Bell bergegas ke dapur sementara kedua Pria muda yang ditinggalkan diruang tamu hanya berdua, malah adu pandang. Saling melotot, mengibarkan bendera permusuhan.


“Kau pikir Bell akan tertarik padamu?” Petra tersenyum sinis, bersandar di sofa, sambil merentangkan kedua tangannya di atas sandaran sofa.


“Urusanmu apa?” kekeh Noah makin panas.


“Tidak ada, aku hanya ingin menegaskan satu hal. Tampaknya kau juga tertarik pada Bell. Kau lihat apa yang terjadi hari inikan? Ah, tapi kau tidak ada disekolah tadi ya....,”


“Kau ingin memancing kemarahanku? O..., tidak bisa” kekeh Noah berusaha menahan emosi.


“Di sekolah..., aku bisa dengan mudah berada disisinya. Karena kau yang selalu mengekorinya tidak ada. Aku harus berterima kasih soal ini. Dan..., kau juga bisa lihat sekarang kan? Hari ini aku berhasil mendapatkan alamat rumahnya, memasuki ruang tamunya” berhenti sejenak lalu menghela nafas dalam.


“Suatu hari nanti, namaku akan masuk dalam relung hatinya. Kau harus bersiap mulai dari sekarang lo,” tambah Petra sambil memainkan kunci mobilnya.


“Ada bedanya kenyataan dengan halusinasi Petra. Apa kau tahu arti dari bahasa tubuh?”


“kau bisa membedakannya?”


“Tentu saja, akan kujelaskan dengan sangat detail. Hanya untukmu” Noah menyeringai sinis.


“Cara Bell duduk tadi, menggambarkan ketidak nyamanan Bell, berada disisimu. Posisi pusar, dan lututnya tidak tertuju padamu. Sementara selama ini, Bell menunjukkan reaksi berbeda terhadapku. Apa kau, mau bukti?” tantang Noah menggertak.


“Wah, senangnya...., melihat kalian akur,” tiba-tiba Bell muncul membawa sebuah nampan dengan dua cangkir coklat diatasnya. Noah berdiri ingin membantu Bell meletakkan cangkir di atas meja tapi kalah cepat dengan Petra yang berada jauh lebih dekat jangkauannya.

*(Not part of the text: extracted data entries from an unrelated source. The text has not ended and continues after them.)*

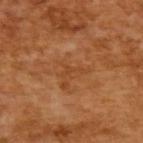follow-up: no biopsy performed (imaged during a skin exam)
image: ~15 mm crop, total-body skin-cancer survey
patient: male, approximately 65 years of age
image-analysis metrics: a footprint of about 2.5 mm², a shape eccentricity near 0.9, and a symmetry-axis asymmetry near 0.55; border irregularity of about 7 on a 0–10 scale
tile lighting: cross-polarized illumination
diameter: ~3 mm (longest diameter)
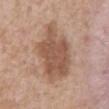Q: Was this lesion biopsied?
A: imaged on a skin check; not biopsied
Q: How was the tile lit?
A: white-light illumination
Q: Who is the patient?
A: male, aged 58 to 62
Q: Automated lesion metrics?
A: a mean CIELAB color near L≈54 a*≈19 b*≈29, roughly 11 lightness units darker than nearby skin, and a normalized lesion–skin contrast near 8; border irregularity of about 3.5 on a 0–10 scale and a peripheral color-asymmetry measure near 1; an automated nevus-likeness rating near 40 out of 100
Q: Lesion size?
A: ~7.5 mm (longest diameter)
Q: What is the imaging modality?
A: total-body-photography crop, ~15 mm field of view
Q: Lesion location?
A: the chest
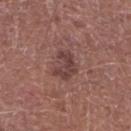Recorded during total-body skin imaging; not selected for excision or biopsy. The subject is a male aged around 75. This is a white-light tile. Approximately 3.5 mm at its widest. The lesion is on the leg. A region of skin cropped from a whole-body photographic capture, roughly 15 mm wide.
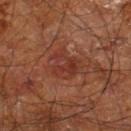Q: Was a biopsy performed?
A: no biopsy performed (imaged during a skin exam)
Q: How large is the lesion?
A: about 4 mm
Q: Who is the patient?
A: male, aged approximately 60
Q: Lesion location?
A: the leg
Q: What did automated image analysis measure?
A: an average lesion color of about L≈34 a*≈26 b*≈28 (CIELAB) and roughly 6 lightness units darker than nearby skin; border irregularity of about 4 on a 0–10 scale, a within-lesion color-variation index near 4.5/10, and radial color variation of about 1.5; a classifier nevus-likeness of about 0/100 and lesion-presence confidence of about 100/100
Q: Illumination type?
A: cross-polarized illumination
Q: What kind of image is this?
A: ~15 mm tile from a whole-body skin photo
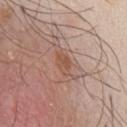The lesion-visualizer software estimated a shape eccentricity near 0.85 and a symmetry-axis asymmetry near 0.3. It also reported border irregularity of about 3 on a 0–10 scale, internal color variation of about 2 on a 0–10 scale, and peripheral color asymmetry of about 0.5.
The subject is a male aged approximately 45.
Approximately 3.5 mm at its widest.
A region of skin cropped from a whole-body photographic capture, roughly 15 mm wide.
The lesion is on the chest.
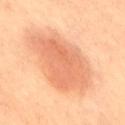Findings:
• biopsy status — catalogued during a skin exam; not biopsied
• image — ~15 mm tile from a whole-body skin photo
• site — the right thigh
• patient — roughly 60 years of age
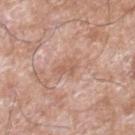Captured during whole-body skin photography for melanoma surveillance; the lesion was not biopsied.
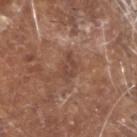Recorded during total-body skin imaging; not selected for excision or biopsy. Measured at roughly 3 mm in maximum diameter. Captured under white-light illumination. A male patient, about 80 years old. The lesion is on the head or neck. A close-up tile cropped from a whole-body skin photograph, about 15 mm across.
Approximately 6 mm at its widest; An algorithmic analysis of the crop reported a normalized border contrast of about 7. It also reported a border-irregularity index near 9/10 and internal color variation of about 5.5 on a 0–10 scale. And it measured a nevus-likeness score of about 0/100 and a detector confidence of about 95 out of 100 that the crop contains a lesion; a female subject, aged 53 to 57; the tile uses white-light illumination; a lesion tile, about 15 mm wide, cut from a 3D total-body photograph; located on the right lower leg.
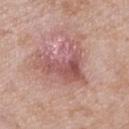Notes:
* pathology · a dermatofibroma — a benign skin lesion
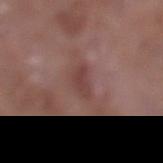Impression:
Part of a total-body skin-imaging series; this lesion was reviewed on a skin check and was not flagged for biopsy.
Background:
The recorded lesion diameter is about 2.5 mm. A 15 mm close-up tile from a total-body photography series done for melanoma screening. The tile uses white-light illumination. A male patient aged 53–57. The lesion is on the left lower leg.
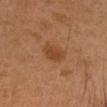body site = the head or neck; subject = female, approximately 40 years of age; imaging modality = total-body-photography crop, ~15 mm field of view; size = about 2.5 mm; tile lighting = cross-polarized.
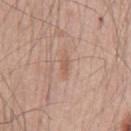No biopsy was performed on this lesion — it was imaged during a full skin examination and was not determined to be concerning.
Located on the chest.
The lesion-visualizer software estimated an eccentricity of roughly 0.95. It also reported a mean CIELAB color near L≈58 a*≈20 b*≈29, about 7 CIELAB-L* units darker than the surrounding skin, and a normalized lesion–skin contrast near 5.5. The software also gave lesion-presence confidence of about 100/100.
The recorded lesion diameter is about 2.5 mm.
The tile uses white-light illumination.
Cropped from a total-body skin-imaging series; the visible field is about 15 mm.
A male patient aged 53 to 57.
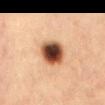Impression: No biopsy was performed on this lesion — it was imaged during a full skin examination and was not determined to be concerning. Context: Measured at roughly 4 mm in maximum diameter. Automated image analysis of the tile measured a mean CIELAB color near L≈40 a*≈20 b*≈28 and a lesion–skin lightness drop of about 21. The analysis additionally found border irregularity of about 1.5 on a 0–10 scale, a color-variation rating of about 9/10, and a peripheral color-asymmetry measure near 2.5. The software also gave an automated nevus-likeness rating near 100 out of 100 and a lesion-detection confidence of about 100/100. A roughly 15 mm field-of-view crop from a total-body skin photograph. On the abdomen. This is a cross-polarized tile. The subject is a female aged approximately 40.
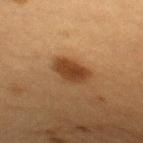<lesion>
  <image>
    <source>total-body photography crop</source>
    <field_of_view_mm>15</field_of_view_mm>
  </image>
  <site>upper back</site>
  <patient>
    <sex>female</sex>
    <age_approx>40</age_approx>
  </patient>
  <lesion_size>
    <long_diameter_mm_approx>4.5</long_diameter_mm_approx>
  </lesion_size>
  <automated_metrics>
    <cielab_L>34</cielab_L>
    <cielab_a>18</cielab_a>
    <cielab_b>30</cielab_b>
    <vs_skin_darker_L>11.0</vs_skin_darker_L>
    <vs_skin_contrast_norm>9.5</vs_skin_contrast_norm>
    <border_irregularity_0_10>2.5</border_irregularity_0_10>
    <color_variation_0_10>3.0</color_variation_0_10>
    <peripheral_color_asymmetry>1.0</peripheral_color_asymmetry>
  </automated_metrics>
</lesion>
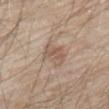The lesion was tiled from a total-body skin photograph and was not biopsied. A 15 mm crop from a total-body photograph taken for skin-cancer surveillance. A male patient, roughly 80 years of age. This is a white-light tile. On the abdomen.
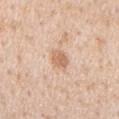Recorded during total-body skin imaging; not selected for excision or biopsy. The lesion is located on the mid back. The subject is a male about 65 years old. A 15 mm close-up extracted from a 3D total-body photography capture.
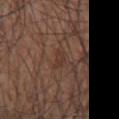The lesion is on the left upper arm. A male subject aged 58–62. This image is a 15 mm lesion crop taken from a total-body photograph.
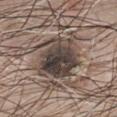Assessment:
Recorded during total-body skin imaging; not selected for excision or biopsy.
Background:
A 15 mm close-up tile from a total-body photography series done for melanoma screening. Automated image analysis of the tile measured a footprint of about 22 mm², a shape eccentricity near 0.65, and a shape-asymmetry score of about 0.2 (0 = symmetric). The software also gave a classifier nevus-likeness of about 5/100 and a lesion-detection confidence of about 5/100. Longest diameter approximately 6 mm. The lesion is on the chest. Imaged with white-light lighting. A male patient, in their 80s.
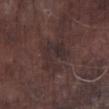{"biopsy_status": "not biopsied; imaged during a skin examination", "lighting": "white-light", "image": {"source": "total-body photography crop", "field_of_view_mm": 15}, "site": "left lower leg", "patient": {"sex": "male", "age_approx": 75}, "lesion_size": {"long_diameter_mm_approx": 4.5}}
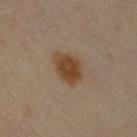{"biopsy_status": "not biopsied; imaged during a skin examination", "patient": {"sex": "female", "age_approx": 45}, "site": "right upper arm", "lesion_size": {"long_diameter_mm_approx": 4.0}, "image": {"source": "total-body photography crop", "field_of_view_mm": 15}, "lighting": "cross-polarized", "automated_metrics": {"area_mm2_approx": 9.0, "shape_asymmetry": 0.2, "border_irregularity_0_10": 2.0, "color_variation_0_10": 3.0, "nevus_likeness_0_100": 100, "lesion_detection_confidence_0_100": 100}}
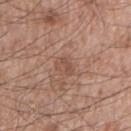This lesion was catalogued during total-body skin photography and was not selected for biopsy.
A 15 mm close-up extracted from a 3D total-body photography capture.
A male patient aged around 65.
The lesion is on the right upper arm.
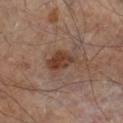<record>
  <biopsy_status>not biopsied; imaged during a skin examination</biopsy_status>
  <automated_metrics>
    <area_mm2_approx>7.5</area_mm2_approx>
    <eccentricity>0.75</eccentricity>
    <vs_skin_darker_L>9.0</vs_skin_darker_L>
    <border_irregularity_0_10>2.5</border_irregularity_0_10>
    <peripheral_color_asymmetry>1.5</peripheral_color_asymmetry>
    <lesion_detection_confidence_0_100>100</lesion_detection_confidence_0_100>
  </automated_metrics>
  <lighting>cross-polarized</lighting>
  <lesion_size>
    <long_diameter_mm_approx>3.5</long_diameter_mm_approx>
  </lesion_size>
  <site>right lower leg</site>
  <image>
    <source>total-body photography crop</source>
    <field_of_view_mm>15</field_of_view_mm>
  </image>
  <patient>
    <sex>male</sex>
    <age_approx>65</age_approx>
  </patient>
</record>

“Jadi, boleh aku lihat sekarang?” kata Bell tersenyum manis sambil duduk di samping Noah.


“Sebenarnya kliping seperti yang ingin kau lihat itu?” Noah memicingkan mata heran. Ya, jarang Noah melihat Bell sangat antusias dengan kliping.


“Aku penasaran. Sangat penasaran malah” jawab Bell sambil menerima kumpulan kliping dari tangan Petra.


“Penasaran tentang....?”


“Tentang kehidupan setelah reinkarnasi”


“Ku pikir kau, tidak akan mempercayai hal konyol seperti itu” kekeh Noah keheranan. Sejak kapan Bell tertarik dengan omong kosong seperti itu?


“Tidak semua orang membaca karena dia suka dengan apa yang dia bacakan?” kata Bell enteng.


“Kalau itu bukan hal yang sangat penting dan harus dilakukan, orang lain pasti lebih memilih mengabaikannya sih,” timpal Petra menopang dagu.


“Hey, aku hanya ingin membaca, memang aku melakukan kejahatan dengan membaca hal seperti ini?!”protes Bell spontan menjewer telinga Noah dan Petra.


“Lepas!! Bell!! Sakit!” pekik Noah melepaskan diri dari tangan Bell, sambil mengusap-usap telinganya yang mulai memerah. Sementara Petra, menunjukkan reaksi berbeda. Meski ia pun mengusap telinganya yang terasa sakit, tapi bibirnya tersenyum bahagia.


“Kenapa kau senyum-senyum sendiri?!” tanya Bell heran. Bagaimana tidak? Dua orang di perlakukan sama, tapi keduanya bereaksi berbeda. Satunya menyolot kesal, yang lainnya tersenyum tak jelas.


"Tidak..., tidak apa-apa. Aku hanya sedikit teringat akan Adikku Letysa. Kalian sangat mirip" jawab Petra sekenanya.